Faced with what he felt was relentless criticism, Barris sold his production company in 1980 and moved to St. Tropez with visions of F. Scott Fitzgerald and Ernest Hemingway in his head. He had recently remarried, to Robin "Red" Altman. (Barrymore's character in the film is a composite of Altman and two other women Barris knew. )

"Everything went well," Barris says of his French Riviera idyll, "except the writing. "

But something remarkable happened. Hollywood fell in love with Confessions, and repeatedly optioned it for a film.

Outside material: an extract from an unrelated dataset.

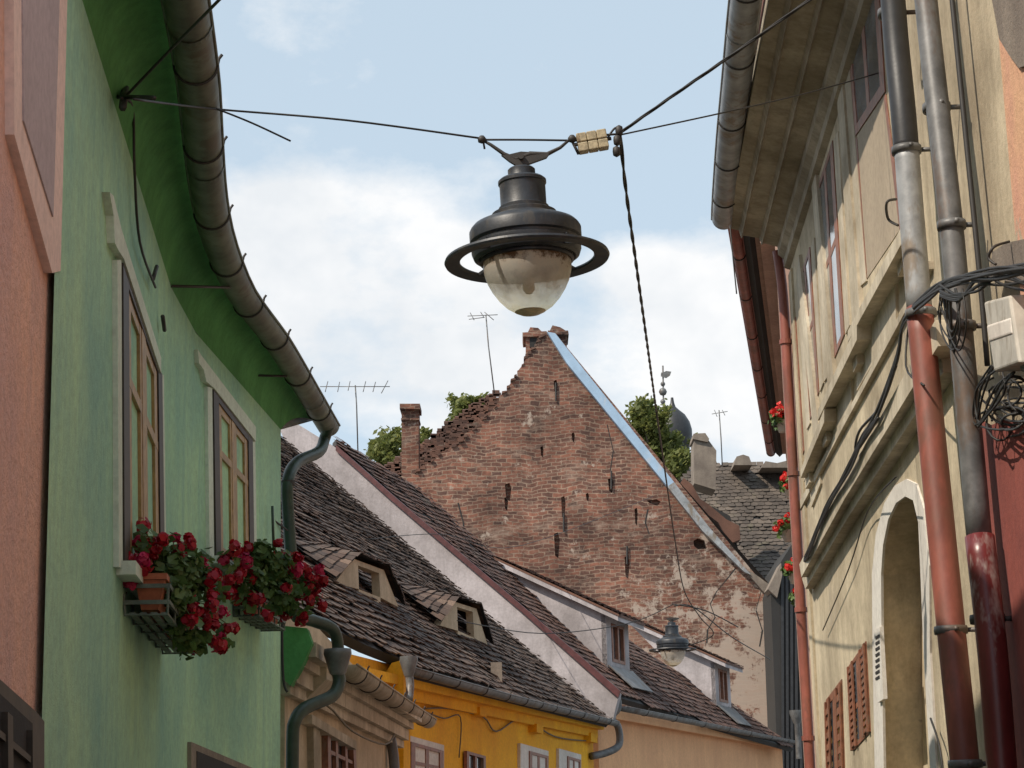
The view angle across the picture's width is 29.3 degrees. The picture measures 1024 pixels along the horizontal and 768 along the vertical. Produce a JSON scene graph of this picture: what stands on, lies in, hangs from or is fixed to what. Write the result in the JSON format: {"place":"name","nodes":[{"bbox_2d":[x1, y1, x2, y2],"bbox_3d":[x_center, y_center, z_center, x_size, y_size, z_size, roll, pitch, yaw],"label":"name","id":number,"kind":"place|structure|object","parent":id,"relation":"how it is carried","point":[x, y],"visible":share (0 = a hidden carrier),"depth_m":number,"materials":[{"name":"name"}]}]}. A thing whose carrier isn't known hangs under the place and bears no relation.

"Mike Myers was going to do it," says Barris. "He walked away four weeks before production started. Johnny Depp was going to do it, Ben Stiller, John Cusack. It was never-ending. The deals kept falling apart. Sean Penn, Russell Crowe, Kevin Spacey, Ed Norton. Something would always happen. "

Finally, Clooney attached himself to the jinxed project three years ago. Barris remained skeptical: "I didn't believe it . . . until they actually start shooting. But we ended up with the best of all possible casts. "

Thanks to the movie, Barris is enjoying a renaissance. He is set to appear on Good Morning America, The Charlie Rose Show and Larry King Live this week. Confessions has been reissued in paperback and is out as an audio book.

Even his TV work is being celebrated. On Thursday, the same night he reads at Borders Books in Center City, the Game Show Network will broadcast three hours of Gong Show episodes.

Living on New York's East Side and married for a third time - to former model Mary Clagett, 43 - Barris is now finishing a sequel, More Confessions of a Dangerous Mind: Bad Grass Never Dies, about his life since 1980. (Yes, there are more CIA missions. )

And he would like to write another book. He is torn between a mystery (he already has the title: Who Killed Art Deco?) and a memoir about Della, his only child, a drug addict who died of an overdose in 1998.

For the first time in his life, Barris is enjoying a measure of serenity. "It's only in the last couple years that I stopped regretting things," he says. "It dawned on me that if none of the [bad stuff had] happened I wouldn't be experiencing the really exciting things that are happening now. There would have never been a Confessions. "

And to think, he owes it all to the boo birds of Philadelphia.